Certain information in this news release is forward-looking within the meaning of Canadian securities law as it relates to anticipated financial and operating performance, events or strategies. The forward-looking information or statements are provided to inform the Company’s shareholders and potential investors about management’s assessment of Capital Power’s future plans and operations. This information may not be appropriate for other purposes. The forward-looking information in this press release is generally identified by words such as will, anticipate, believe, plan, intend, target, and expect or similar words that suggest future outcomes.
Material forward-looking information in this press release includes expectations regarding: (i) adjusted funds from operations, maintenance capital and sustaining capital expenditures, and operating and maintenance expenses, (ii) consistent growth of dividends, (iii) the impact of environmental regulations on Capital Power and its business, including, but not limited to, emissions compliance costs, (iv) commercial operations date for Bloom Wind, (v) Alberta’s electricity market structure, (vi) carbon credits and the price of electricity in Alberta, (vii) Capital Power’s ability to compete for new projects, (viii) the development of new projects, and (ix) plant availability.
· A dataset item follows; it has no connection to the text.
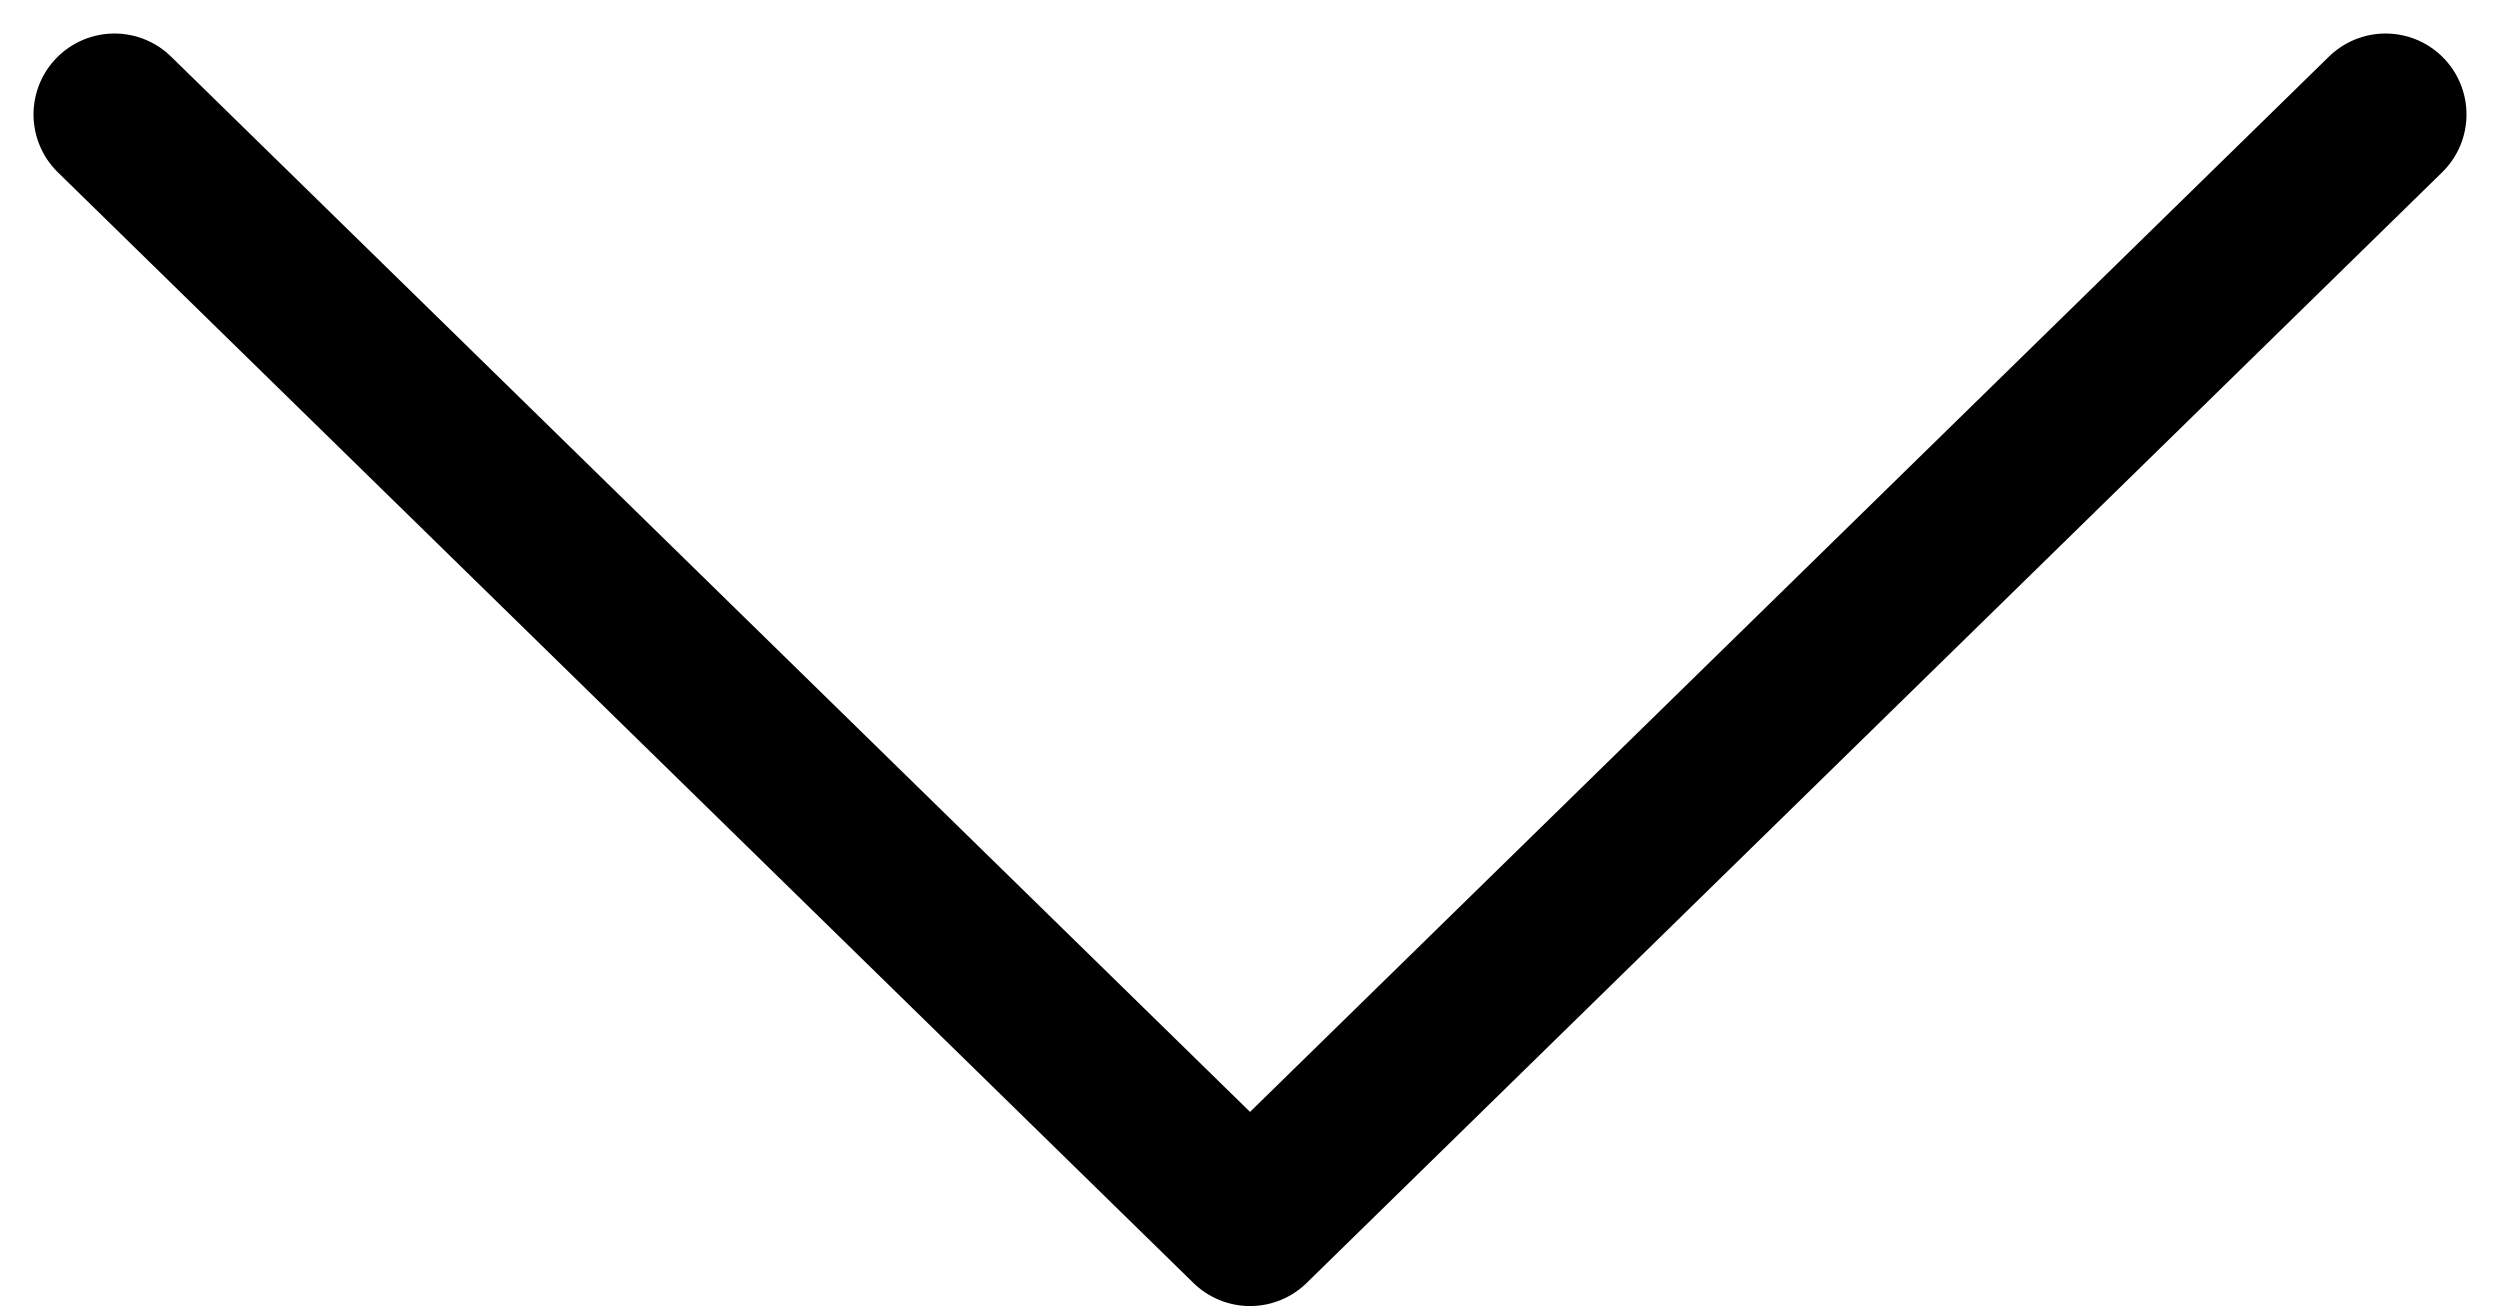 <svg xmlns="http://www.w3.org/2000/svg" width="30.887" height="16.136" viewBox="0 0 30.887 16.136">
  <path id="chevron-up" d="M34.059,9,20.03,22.722,6,9" transform="translate(-4.586 -7.586)" fill="none" stroke="#000" stroke-linecap="round" stroke-linejoin="round" stroke-width="2"/>
</svg>

These statements are based on certain assumptions and analyses made by the Company in light of its experience and perception of historical trends, current conditions, expected future developments and other factors it believes are appropriate. The material factors and assumptions used to develop these forward-looking statements relate to: (i) electricity and other energy prices, (ii) performance, (iii) business prospects and opportunities including expected growth and capital projects, (iv) status and impact of policy, legislation and regulation, and (v) effective tax rates.
Whether actual results, performance or achievements will conform to the Company’s expectations and predictions is subject to a number of known and unknown risks and uncertainties which could cause actual results and experience to differ materially from the Company’s expectations. Such material risks and uncertainties are: (i) changes in electricity prices in markets in which the Company operates, (ii) changes in energy commodity market prices and use of derivatives, (iii) regulatory and political environments including changes to environmental, financial reporting and tax legislation, (iv) power plant availability and performance including maintenance of equipment, (v) ability to fund current and future capital and working capital needs, (vi) acquisitions and developments including timing and costs of regulatory approvals and construction, (vii) changes in market prices and availability of fuel, and (viii) changes in general economic and competitive conditions. See Risks and Risk Management in the Company’s Management’s Discussion and Analysis (MD&A) for the third quarter, 2016 for further discussion of these and other risks.
About Capital Power
Capital Power (TSX: CPX) is a growth-oriented North American power producer headquartered in Edmonton, Alberta. The company develops, acquires, operates and optimizes power generation from a variety of energy sources. Capital Power owns more than 3,200 megawatts of power generation capacity at 18 facilities across North America. More than 700 megawatts of owned generation capacity are in advanced development in Alberta and under construction in Kansas.